Celle de désespérés risquant leur vie sur des embarcations de fortune pour aboutir sous la tente dans des camps misérables.
Leur chemin fut moins périlleux. Ils ont quitté Alep en 2012 lorsque les bombardements ont commencé et ont vécu trois années paisibles au Liban dans une communauté religieuse catholique. 
À leur départ pour le Canada, il parlait anglais et son épouse et leur fille de 6 ans, un français convenable.
La chose a son importance. Cela signifie que cette famille était moins mal en point, moins traumatisée et mieux outillée que beaucoup d'autres pour affronter une nouvelle vie. Sans compter le soutien reçu depuis l'arrivée. 
Leur aventure à Québec fut pourtant difficile et essoufflante, racontent-ils. Imaginez pour ceux qui ne parlent que l'arabe, n'ont pas de formation scolaire ni d'accompagnateurs dédiés pour naviguer dans les systèmes des garderies, de l'éducation, de la santé et des administrations publiques. 
Faux espoir
Même les Québécois s'y perdent souvent. Pour des nouveaux venus, c'est kafkaïen. Les réponses tardent à venir, sont souvent confuses ou contradictoires, les règles compliquées, la réalité différente des promesses faites par les services d'immigration. 
Ce faux espoir par exemple, semé chez les réfugiés syriens, qu'à l'arrivée au Canada, tout allait être payé. 
Le Canada a effectivement beaucoup offert aux Syriens. Plus qu'à la plupart des réfugiés venus d'ailleurs. Beaucoup, mais pas tout. Pas les soins dentaires, pas toutes les formations, pas facilement les médicaments, les lunettes, etc.
Il n'y a pas de scandale à ce que les gouvernements fixent des limites. Le problème est de créer de fausses attentes.
Cela dit, le couple aimerait mieux ne rien demander à l'État. Ne le fera que si nécessaire pour arriver le temps de finir ses formations.
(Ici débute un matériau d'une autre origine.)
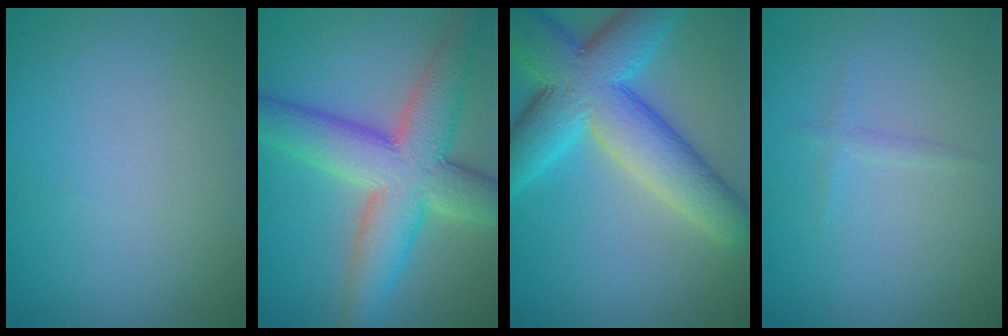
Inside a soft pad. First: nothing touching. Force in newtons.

Ils ont demandé à ne pas être identifiés dans le journal, pour ne pas être stigmatisés comme réfugiés. J'ai promis de respecter. 
L'homme suit des cours de francisation le matin et va ensuite travailler (Bureau en Gros) jusqu'en milieu de soirée. Il attend une place pour une attestation d'études collégiales en réseautique. Il a passé son permis de conduire et acheté une fourgonnette usagée pour trimbaler les enfants.
Sa conjointe est passée au plan B, puis au C. Rien à espérer de son diplôme en droit syrien et difficile d'être admise au cégep en techniques juridiques à cause du niveau de français exigé.
Elle va se satisfaire d'une attestation d'études elle aussi. Elle s'y prépare par un cours de bureautique où elle se rend en autobus après avoir fait les lunchs.
Dans les premiers mois, ils ont visité la ville avec Karl et Brigitte. Sont allés au Carnaval. Regardent La voix junior en famille, se sont fait des amis québécois et parlent à l'occasion à leurs familles restées derrière en Syrie.
La vie de jeunes parents ne leur laisse guère de temps pour autre chose. Un rythme fou. Comme toutes les jeunes familles. C'est peut-être ça, l'intégration. Une vie comme celle des autres, avec ses petits bonheurs et ses frustrations.